In the national level, Taiwan's human subject research is subject to several medical related laws, regulations and practice guidelines. Defined by the Medical Care Act 1986, article 7: "human experiment means any experimental study involving humans for testing new medical techniques, new drugs, and new medical devices." Three major characteristics can be observed. First, only teaching hospitals can conduct biomedical research involving human subjects. By far, there are 129 teaching hospitals in Taiwan. Second, before undertaking such clinical trials, teaching hospitals must propose "research protocols" to the Review Board of Department of Health (DOH) for the approval of clinical trials. Third, a consent form shall be obtained from the human subject, informed of the full consequences of this research by the investigators before the clinical trial is undertaken.
Apart from the Medical Care Act 1986, other medical laws, regulations and guidelines provide further detailed requirements or standards for using human subject research for special purposes. The Pharmaceutical Act (1993), for instance, requires investigational new drugs (IND) to receive clinical trials for testing their safety and therapeutic efficacy prior to the DOH approval.

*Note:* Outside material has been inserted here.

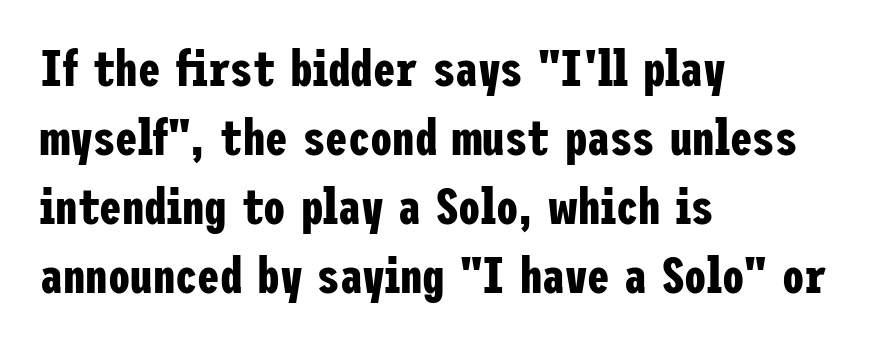
Is the letter spacing exaggerated? No — it looks like the ordinary default. These lines are set flush left with a ragged right edge. A sans-serif font was chosen for this passage. On the weight axis this lands at bold, roughly 700. Glance below the letters and you will spot only blank space.

Other important rules include but are not limited to: Guideline for Good Clinical Practice, adopting principles for medical institutes and protecting trial subjects; Guideline for Clinical Trial on New Medical Techniques, setting new medical procedures for clinical trial; Guideline for Clinical Trial on Gene Therapy, establishing safety monitoring system on the research protocol of gene therapy proposed by the qualified hospitals.
Before a research protocol is proposed to the Review Board of the DOH, it must be oversight and approved by a hospital IRB as an institutional level of surveillance. The first Institutional Review Board (IRB) was established in 1986 according to the Medical Care Act 1986, article 73. Until 2001, 25 IRBs and ethics Committees are registered, working for improving medical system and overseeing research protocols. In 1997, medical society decided to set up an IRB on a joint level. As a result, the Joint IRB (JIRB) established, which has 18 members, who are representatives from 5 major medical centers and NHRI, and one third of them are laypersons. The JIRB is now the major IRB in Taiwan and nearly 40 hospitals have authorized JIRB and endorsed its review results.

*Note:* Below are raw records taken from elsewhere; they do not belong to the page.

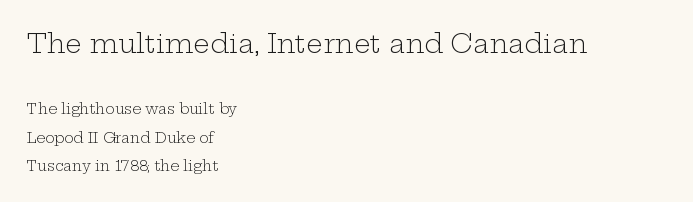
{"italic": "no", "bold": "no", "underline": "no", "align": "left", "line_spacing": "loose", "line_spacing_ratio": 2.02, "letter_spacing": "normal", "letter_spacing_em": 0.0, "larger_block": "first", "size_ratio": 1.86, "glyph_px": 26}
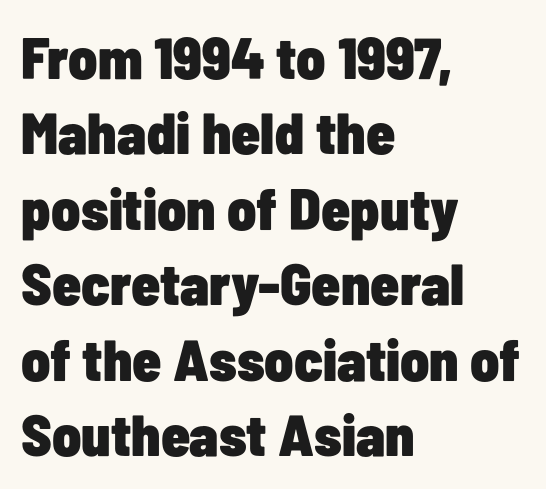
Q: Is the text bold? A: Yes.
Q: Is the text italic (slanted)? A: No, it is upright.
Q: Is the typeface a serif or a sans-serif typeface? A: Sans-serif.
Q: Is the text underlined? A: No.
Q: How is the paragraph aligned? A: Left-aligned.
Q: Is the spacing between letters normal or unusually wide? A: Normal.
Q: Is the spacing between lines tight, normal or loose? A: Normal.
Q: Width (condensed, normal, or wide)? A: Condensed.
Q: Stroke contrast? A: Low.
Q: x-height? A: Medium.
Q: Monospaced? A: No.

All these rules aim to build up a process or mechanism to ensure the safety of the human subjects participating the researches. However, no remedy in regard to compensation when the participants are injured seems to be offered in these medical rules. The civil law perhaps is the only legal ground that the suffering subjects can rely on to bring claim for compensation against the research institutions.

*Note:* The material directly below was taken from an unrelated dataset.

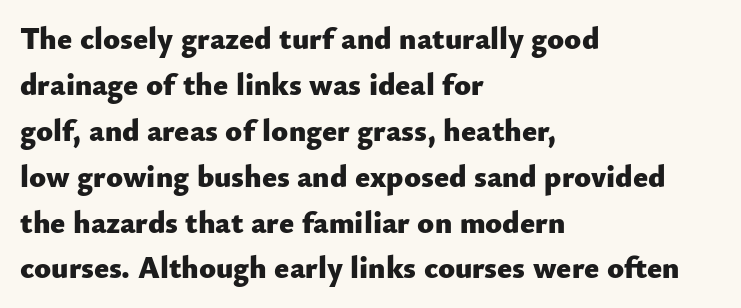
The image shows 31 px heavy sans-serif type, upright; set left-aligned, normal line spacing (1.48x), normal letter spacing, not underlined; low stroke contrast and a small x-height.

As above mentioned, injury to the human subjects may occur as a result of researcher negligence when subjects have not been adequately informed of the risks involved or when due care has not been exercised in protecting them from risks. It may also be a result beyond the predictability on the basis of the present science and technology. In the former instances, injured persons may bring civil suits for damages against investigators. However, to explore the remedy for the latter cases would be a rather complicate and difficult task.
Article 184 of the Civil Law in Taiwan offers the major governing rules to address wrongful acts and charges civil liability to the actors/ debtors. Three types of wrongful acts are subject to this provision and the actors are liable for compensating the damages. First instance happens when a person intentionally or by his own fault wrongfully injures the rights of another. This provision applies also to the situation that the injury is done intentionally in a manner contrary to not law but the rules of good morals. Third, article 184 deems a person to be liable for his wrongful act when he infringes a statutory provision enacted for protection of others. In such a circumstance, this person is presumed to have committed a fault.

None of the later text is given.